Like hospice and palliative care, the integrative medicine movement began as edgy outsiders. But in the last 10–15 years, integrative oncology practices, often tied with integrative medicine programs, are being established in major medical institutions across the country. Many are embedded in medical centers that are leaders in the development and provision of the most advanced modern technologies for cancer care. This issue of JNCI Monographs focuses on the role of integrative oncology in care of cancer survivors; the editors have brought together commentaries on the “state of the science.” We at the National Center for Complementary and Alternative Medicine together with our partners in the Office of Cancer Complementary and Alternative Medicine at the National Cancer Institute are the main National Institutes of Health supporters of that science. Our shared goal is a rigorous evidence base to guide patient decisions and to help providers make sensible recommendations: a solid scientific basis, assessing both risks and benefits.

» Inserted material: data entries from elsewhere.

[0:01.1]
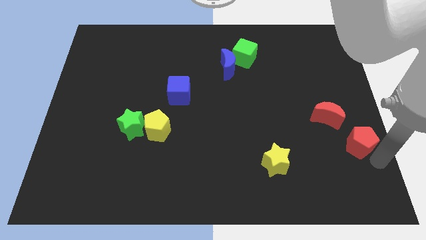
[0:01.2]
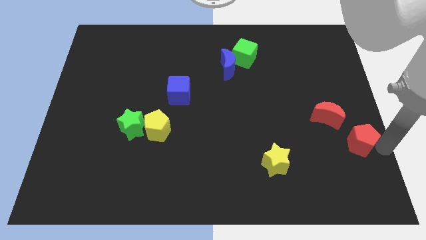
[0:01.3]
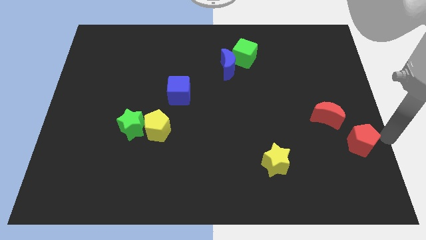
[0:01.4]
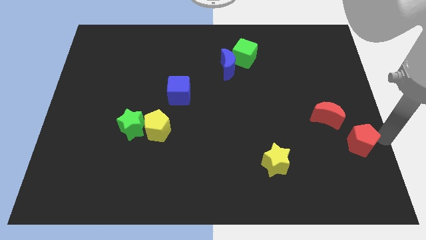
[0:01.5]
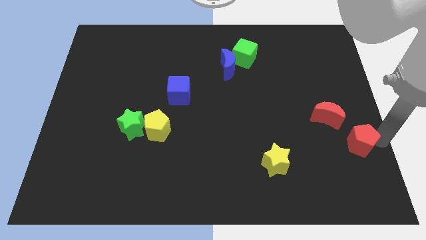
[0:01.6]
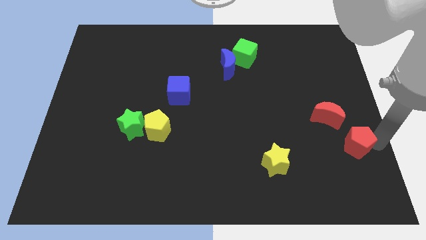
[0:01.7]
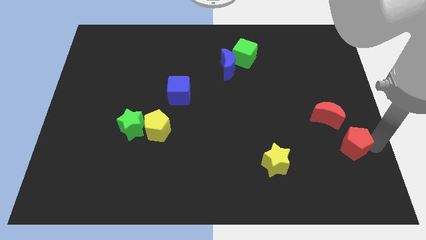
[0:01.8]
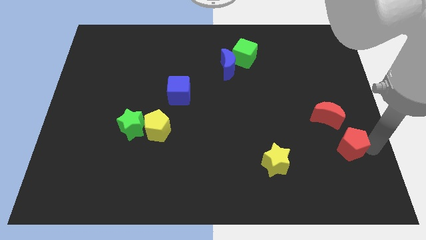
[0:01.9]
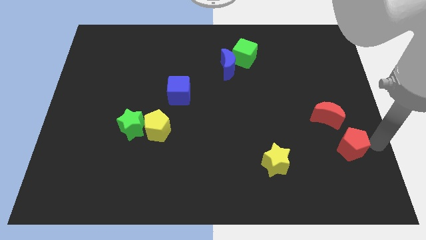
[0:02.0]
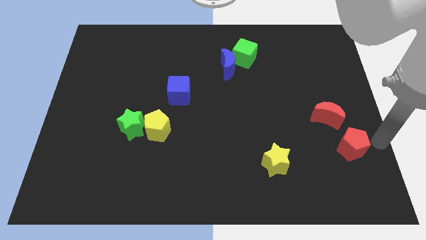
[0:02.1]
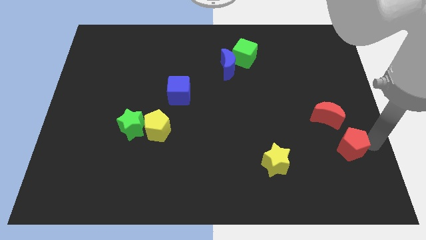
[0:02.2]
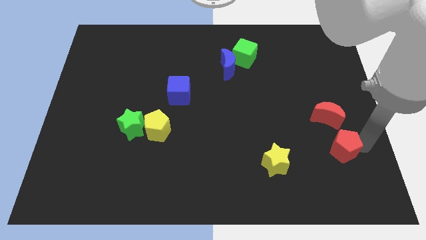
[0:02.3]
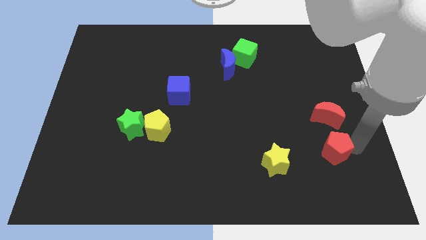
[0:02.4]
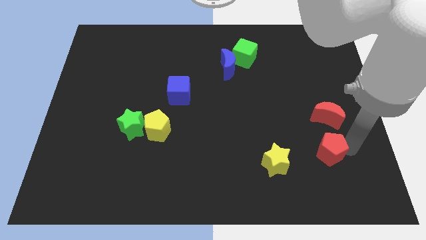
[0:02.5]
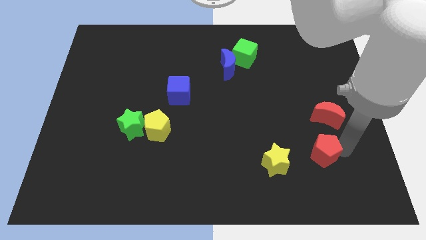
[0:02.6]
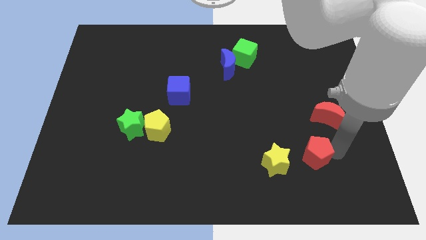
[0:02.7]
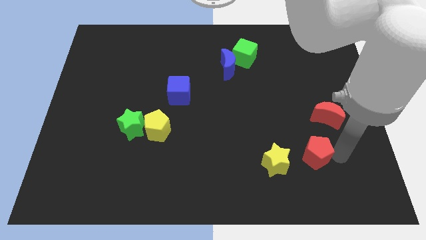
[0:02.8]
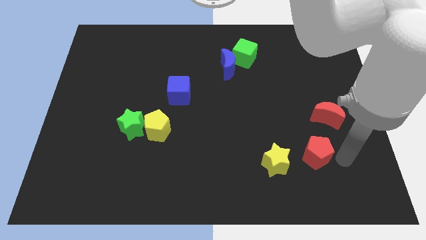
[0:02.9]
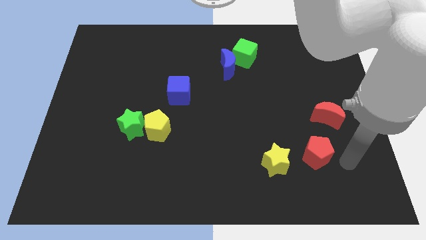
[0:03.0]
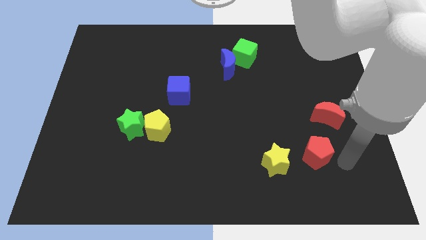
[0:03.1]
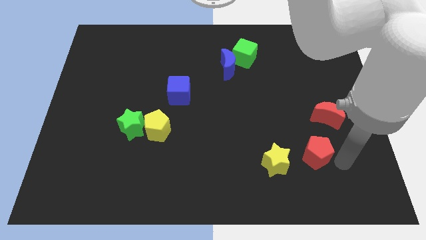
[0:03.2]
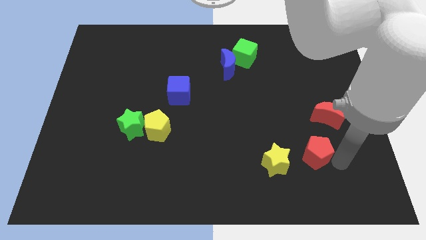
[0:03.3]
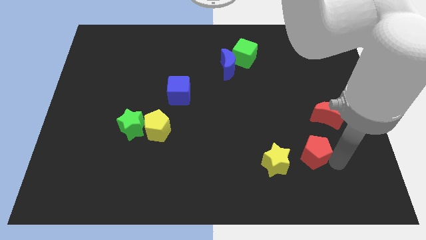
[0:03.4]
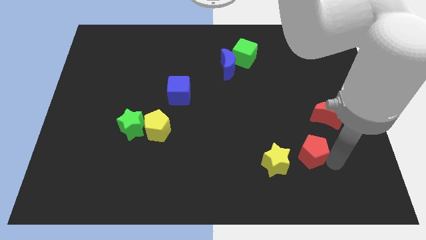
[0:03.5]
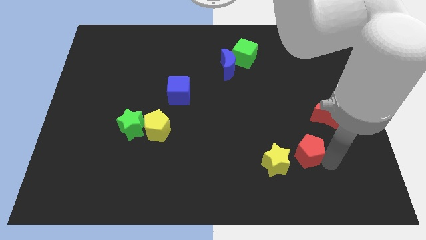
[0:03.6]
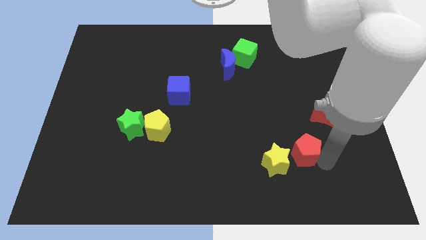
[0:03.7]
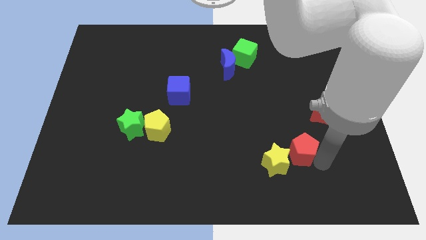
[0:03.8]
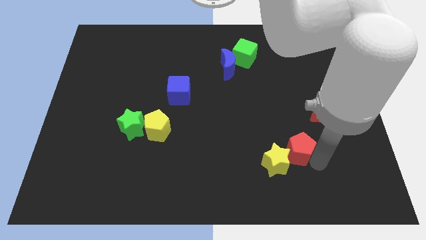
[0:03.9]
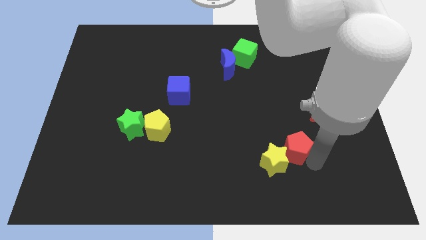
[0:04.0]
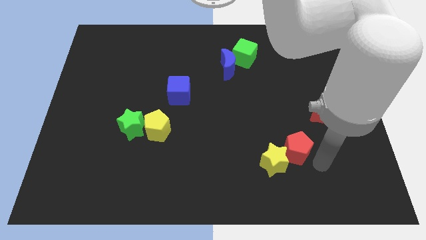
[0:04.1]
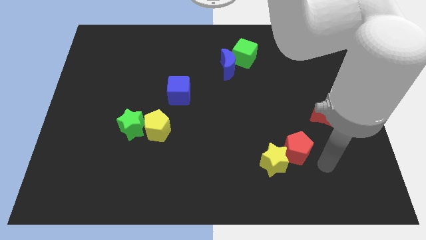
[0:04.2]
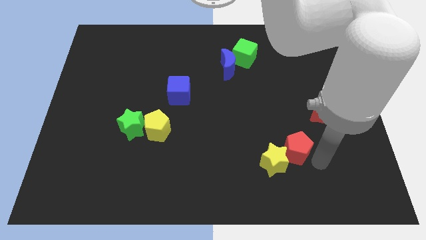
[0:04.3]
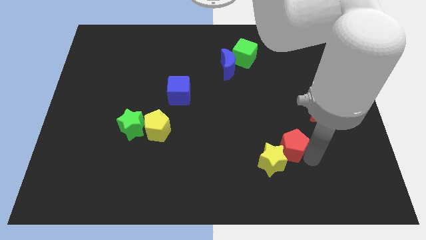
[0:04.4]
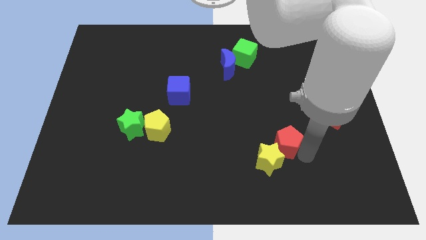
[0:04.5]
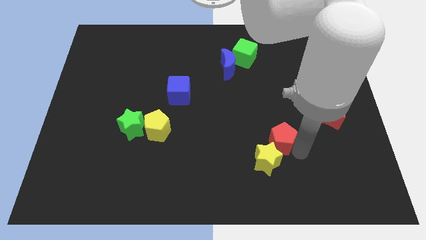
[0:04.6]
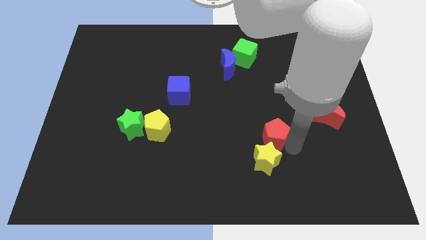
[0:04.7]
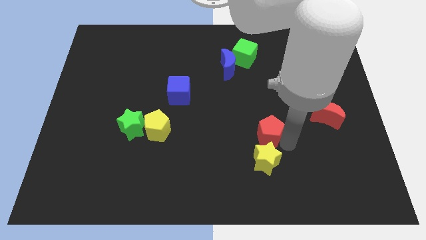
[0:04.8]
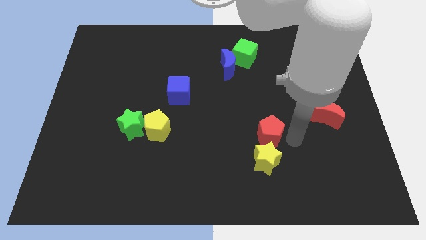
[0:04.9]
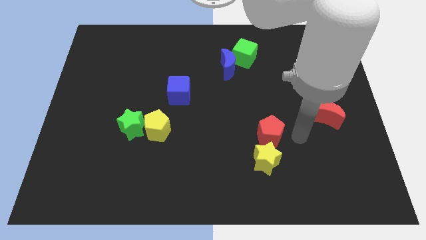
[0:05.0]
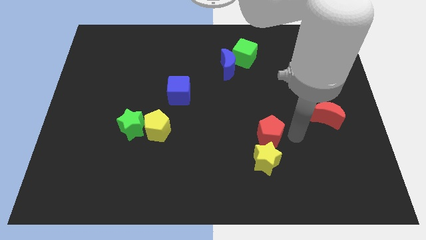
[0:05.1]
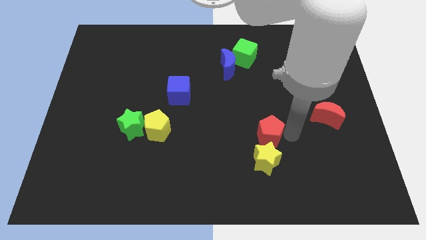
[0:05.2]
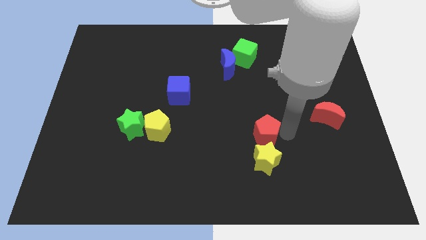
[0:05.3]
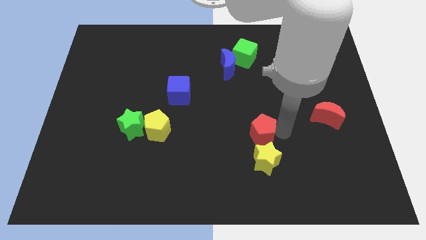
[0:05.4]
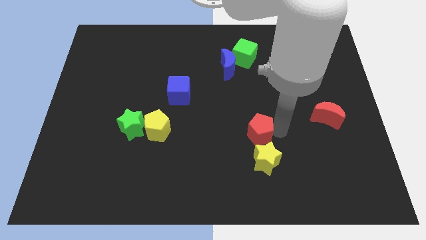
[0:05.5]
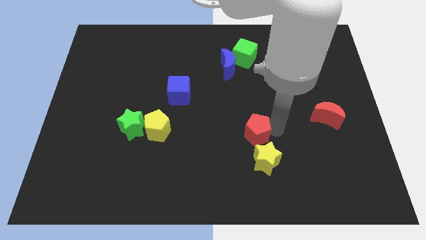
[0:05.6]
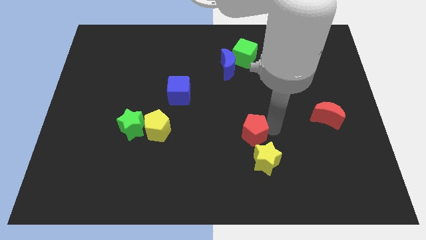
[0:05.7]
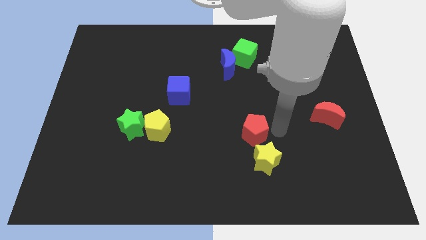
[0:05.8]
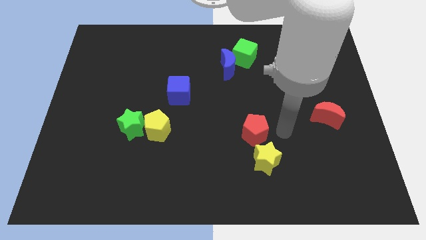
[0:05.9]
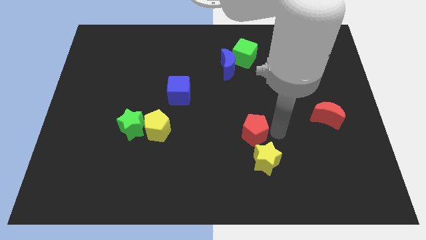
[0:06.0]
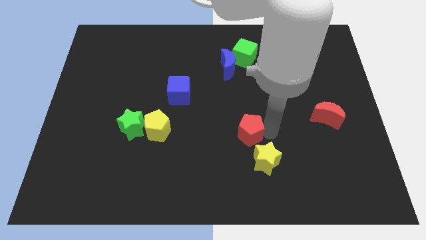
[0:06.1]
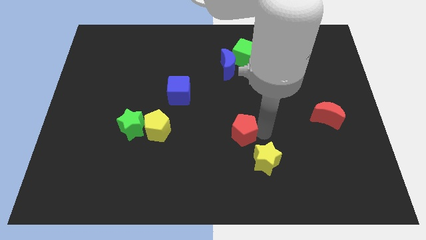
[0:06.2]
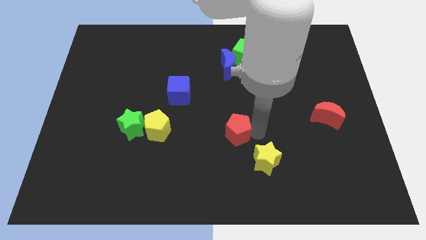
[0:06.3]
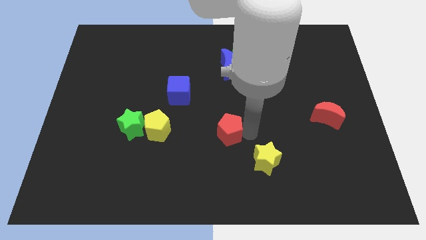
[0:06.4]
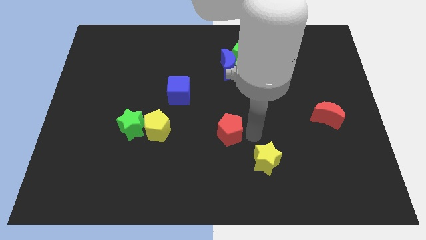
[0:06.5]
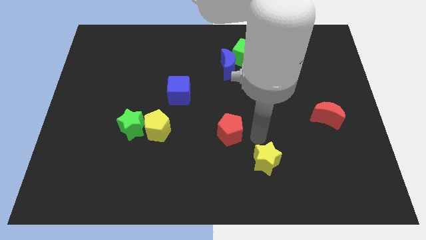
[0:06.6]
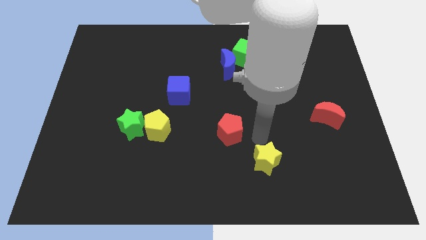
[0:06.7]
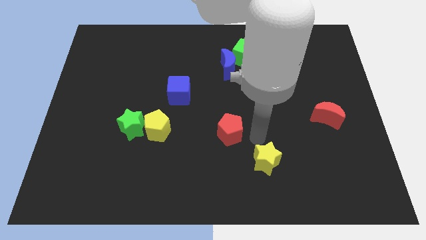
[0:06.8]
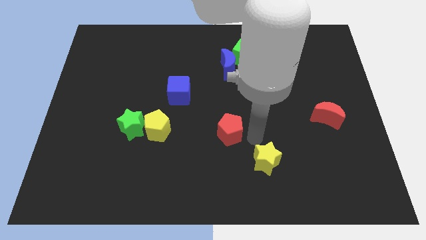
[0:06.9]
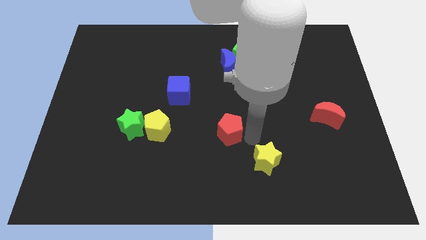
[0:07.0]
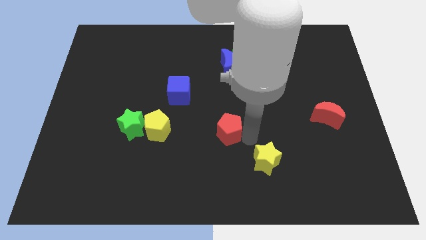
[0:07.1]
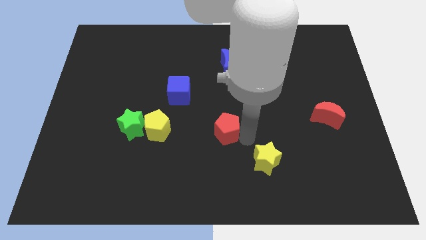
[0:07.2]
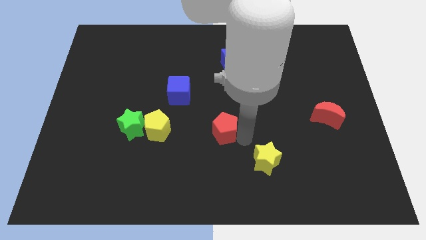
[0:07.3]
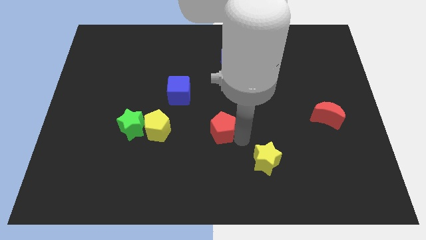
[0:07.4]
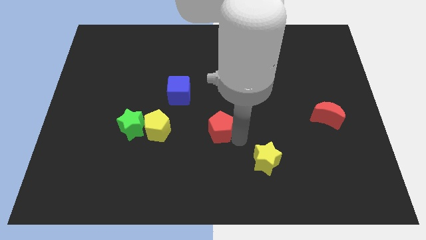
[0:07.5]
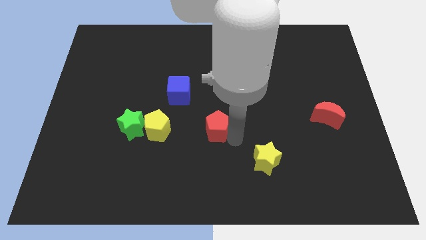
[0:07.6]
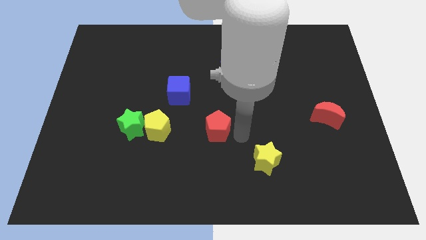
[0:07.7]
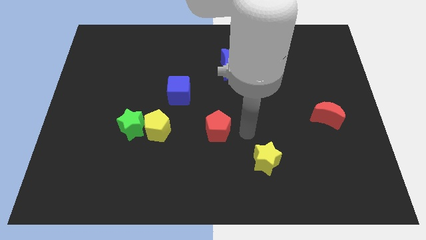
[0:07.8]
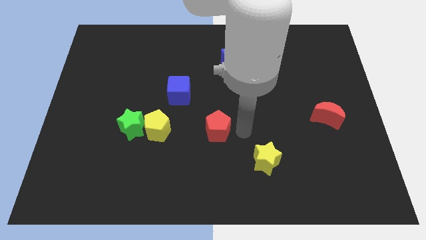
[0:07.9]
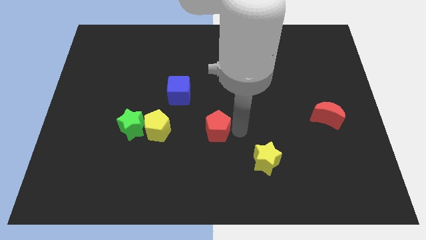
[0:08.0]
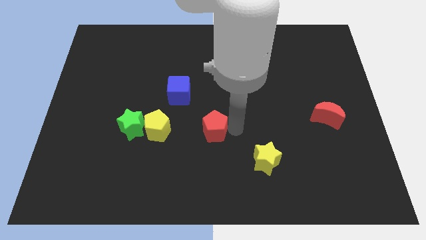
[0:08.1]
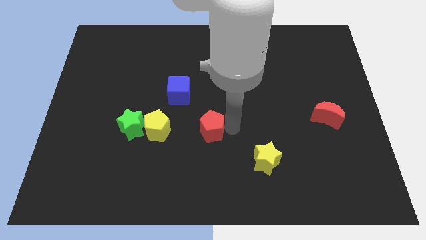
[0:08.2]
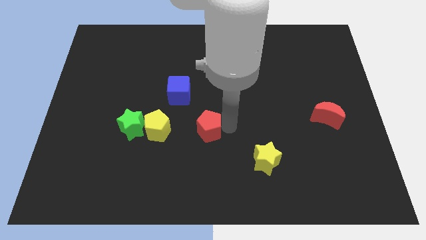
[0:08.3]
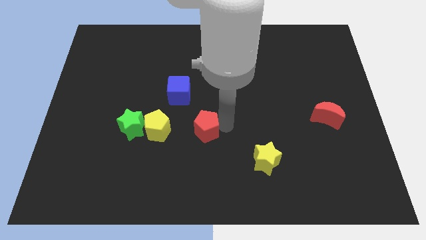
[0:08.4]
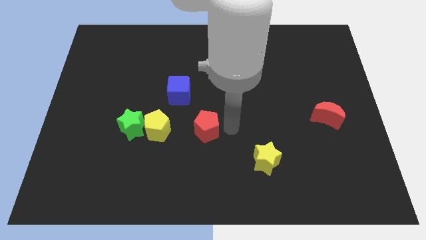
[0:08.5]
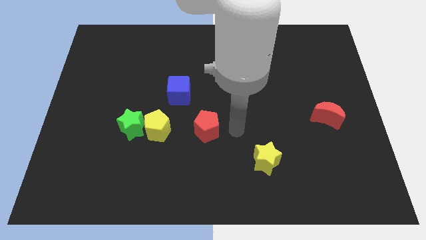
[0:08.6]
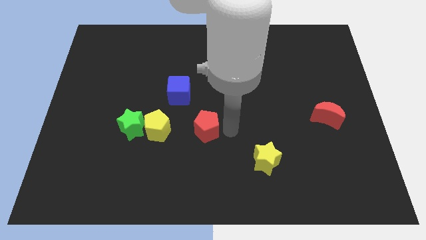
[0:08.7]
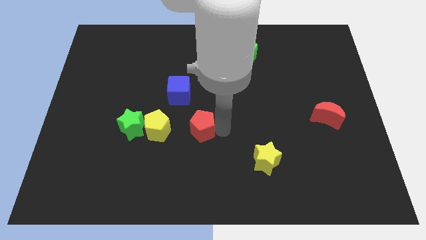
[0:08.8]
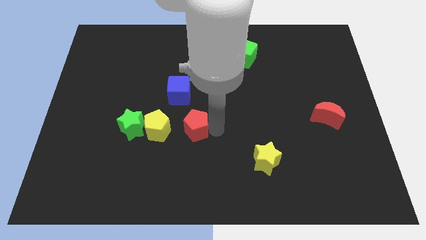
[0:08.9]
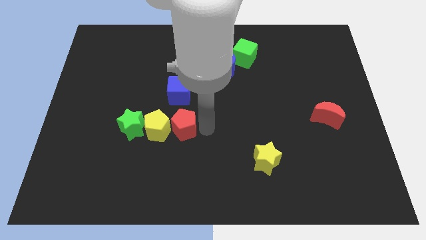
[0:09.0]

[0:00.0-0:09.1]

Not surprisingly, since integrative oncology is a relatively new movement, the science is just beginning. It is already very clear that approaches that fall under the general rubric “integrative oncology” are meeting important and often neglected needs. Two things are driving change. In part, the integrative oncology movement is a response to patient demand. Patients are asking for change—for access to an approach to care that is seen as more “holistic,” perhaps gentler, perhaps more optimistic. Change is also being driven by providers. Some physicians, including a number of oncologists, see in the integrative medicine movement an opportunity to develop a style of practice that will facilitate changed relationships with patients: less emphasis on technical advice, more emphasis on healing, defined broadly, on provision of emotional and spiritual supports, on creation of positive expectations, on encouragement to healthy living. By and large, when integrative practitioners offer “alternative” practices, it is as a complement to modern “mainstream medicine.” And by and large, patients interested in integrated approaches, do not want (and are not well-served by) care that does not integrate effective mainstream techniques for cure, prolongation of life, or substantive palliation.
National Center for Complementary and Alternative Medicine has decided, through a year-long strategic planning process (1), to focus our resources on research on benefits and risk of complementary health practices for symptom management, particularly pain management, but also fatigue, loss of sleep, loss of appetite. A variety of complementary approaches and a number of practitioners from disciplines outside mainstream medicine are increasingly part of the integrative approach to symptom management. This monograph will, we hope, stimulate continued interest in testing these approaches and in their continued improvement. Our patients deserve nothing less.